DeKalb BOE member accused of violating policy by divulging superintendent search details
DeKalb County Board of Education members are poised to schedule a hearing to determine if one of their colleagues violated its executive session policy.
The backdrop: At issue is whether board member Dr. Joyce Morley violated policy when she told the AJC about the search for the district's next superintendent.
- Morley claimed interim superintendent Vasanne Tinsley had been ranked higher by a search firm and that Dr. Devon Horton, who was selected as the finalist for the role, wasn't among its top five candidates.
- Despite her assertions, the board voted 6-1 last month to officially hire Horton, with Morley in opposition.
What's happening: At a meeting last week, board members voted unanimously to consider an "alleged violation of the board’s policy concerning failure to maintain the confidentiality of matters discussed during the executive session," the school district said in a statement.
Of note: According to Decaturish, board members didn’t initially say what they were voting on.

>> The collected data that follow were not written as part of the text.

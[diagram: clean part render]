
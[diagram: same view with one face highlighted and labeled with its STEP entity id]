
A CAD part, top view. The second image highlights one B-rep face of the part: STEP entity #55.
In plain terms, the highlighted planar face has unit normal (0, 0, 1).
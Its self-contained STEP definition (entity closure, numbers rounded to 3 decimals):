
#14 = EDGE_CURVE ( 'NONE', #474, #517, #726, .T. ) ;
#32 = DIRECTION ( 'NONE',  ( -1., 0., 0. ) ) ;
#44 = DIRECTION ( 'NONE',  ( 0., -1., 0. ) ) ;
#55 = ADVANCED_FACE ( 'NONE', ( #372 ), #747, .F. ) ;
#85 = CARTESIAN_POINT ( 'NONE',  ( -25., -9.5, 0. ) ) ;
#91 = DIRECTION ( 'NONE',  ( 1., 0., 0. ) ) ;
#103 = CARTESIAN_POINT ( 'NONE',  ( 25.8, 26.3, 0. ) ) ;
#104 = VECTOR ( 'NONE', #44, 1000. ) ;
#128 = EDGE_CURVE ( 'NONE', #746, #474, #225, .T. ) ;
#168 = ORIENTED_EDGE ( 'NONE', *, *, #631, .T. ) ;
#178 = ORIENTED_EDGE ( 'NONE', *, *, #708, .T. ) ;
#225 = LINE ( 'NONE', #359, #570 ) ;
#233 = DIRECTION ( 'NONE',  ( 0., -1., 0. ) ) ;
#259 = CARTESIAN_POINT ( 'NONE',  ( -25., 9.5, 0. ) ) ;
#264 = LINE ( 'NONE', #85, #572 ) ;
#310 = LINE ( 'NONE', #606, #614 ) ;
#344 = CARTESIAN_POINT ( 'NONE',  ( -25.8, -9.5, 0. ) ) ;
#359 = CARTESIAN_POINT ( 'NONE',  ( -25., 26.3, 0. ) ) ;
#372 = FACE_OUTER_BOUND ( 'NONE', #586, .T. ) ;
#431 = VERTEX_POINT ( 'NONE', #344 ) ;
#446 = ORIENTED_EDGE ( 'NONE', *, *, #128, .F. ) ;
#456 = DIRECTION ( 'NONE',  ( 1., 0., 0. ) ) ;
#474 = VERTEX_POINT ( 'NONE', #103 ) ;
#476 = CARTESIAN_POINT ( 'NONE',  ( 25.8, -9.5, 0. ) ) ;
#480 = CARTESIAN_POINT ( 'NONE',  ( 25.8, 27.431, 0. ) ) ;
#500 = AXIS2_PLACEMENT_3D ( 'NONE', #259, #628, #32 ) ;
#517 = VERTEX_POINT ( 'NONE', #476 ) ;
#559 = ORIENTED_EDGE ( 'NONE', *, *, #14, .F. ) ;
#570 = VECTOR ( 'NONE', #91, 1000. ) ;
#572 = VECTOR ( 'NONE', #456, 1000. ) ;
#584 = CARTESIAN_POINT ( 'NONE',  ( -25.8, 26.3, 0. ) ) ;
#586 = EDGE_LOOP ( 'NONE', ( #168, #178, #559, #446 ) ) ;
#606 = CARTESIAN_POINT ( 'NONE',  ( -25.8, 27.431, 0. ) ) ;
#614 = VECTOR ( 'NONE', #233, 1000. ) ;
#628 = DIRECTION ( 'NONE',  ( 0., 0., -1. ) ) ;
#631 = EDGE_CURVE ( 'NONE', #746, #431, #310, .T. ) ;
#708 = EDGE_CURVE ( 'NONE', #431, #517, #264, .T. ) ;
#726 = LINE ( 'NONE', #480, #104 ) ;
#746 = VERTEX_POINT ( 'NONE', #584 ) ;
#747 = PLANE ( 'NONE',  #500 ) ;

- A district spokesperson later issued the statement spelling out the subject of the vote.
- The hearing has not been scheduled, district press secretary Donald Porter told Axios.

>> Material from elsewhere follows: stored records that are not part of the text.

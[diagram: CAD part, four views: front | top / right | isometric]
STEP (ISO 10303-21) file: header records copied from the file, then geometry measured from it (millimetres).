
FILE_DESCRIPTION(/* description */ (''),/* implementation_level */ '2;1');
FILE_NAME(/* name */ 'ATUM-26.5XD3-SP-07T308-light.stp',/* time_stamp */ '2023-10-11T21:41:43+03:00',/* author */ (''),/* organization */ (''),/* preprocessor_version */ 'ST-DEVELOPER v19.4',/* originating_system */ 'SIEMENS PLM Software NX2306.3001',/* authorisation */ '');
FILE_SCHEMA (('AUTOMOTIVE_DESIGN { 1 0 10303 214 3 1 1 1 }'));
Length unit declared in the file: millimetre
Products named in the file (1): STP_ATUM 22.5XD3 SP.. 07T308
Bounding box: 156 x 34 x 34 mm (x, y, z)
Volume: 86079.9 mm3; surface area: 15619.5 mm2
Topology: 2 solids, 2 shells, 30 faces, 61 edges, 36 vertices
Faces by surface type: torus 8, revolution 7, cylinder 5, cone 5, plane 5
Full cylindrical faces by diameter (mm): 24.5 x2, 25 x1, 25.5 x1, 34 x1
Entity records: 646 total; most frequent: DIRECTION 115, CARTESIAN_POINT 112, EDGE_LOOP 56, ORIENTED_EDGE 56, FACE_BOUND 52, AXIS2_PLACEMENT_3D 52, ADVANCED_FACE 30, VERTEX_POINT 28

What they’re saying: Morley told Axios on Friday that she thinks the decision is "retaliatory," alleging "they've been after me because I speak up."
- "When you have a board that's willing to continue to go after a particular board member ... that's a problem," she said.
- When Axios asked Morley why she shared the details of what was discussed in the closed session, she said "the public has the right to know the truth."
Be smart: Georgia’s Open Meetings Act gives governments and other boards the ability to hold closed-door sessions to discuss litigation, real estate and personnel matters. Local boards of education are additionally allowed to consider student discipline concerns.
- If any action is required after the session, the elected officials are required to vote in an open meeting on the agenda item.
Between the lines: Richard Griffiths, a media ethicist and president emeritus of the Georgia First Amendment Foundation, told Axios that the act does not impose penalties for anyone who shares what was discussed in executive session, but said Morley could "take some heat" if she did violate the board's policy.
- "For a board to take actions against one of the members ... for outing their shenanigans, is deeply disturbing to me," he said.
What's next: The board's policy requires it to provide a 30-day notice for the hearing.
- At least two-thirds of the members have to determine if Morley violated the policy. If that's the case, the board can censure her, publicly repudiate her comments, require her to make a public apology or report her to the district's accreditation agency.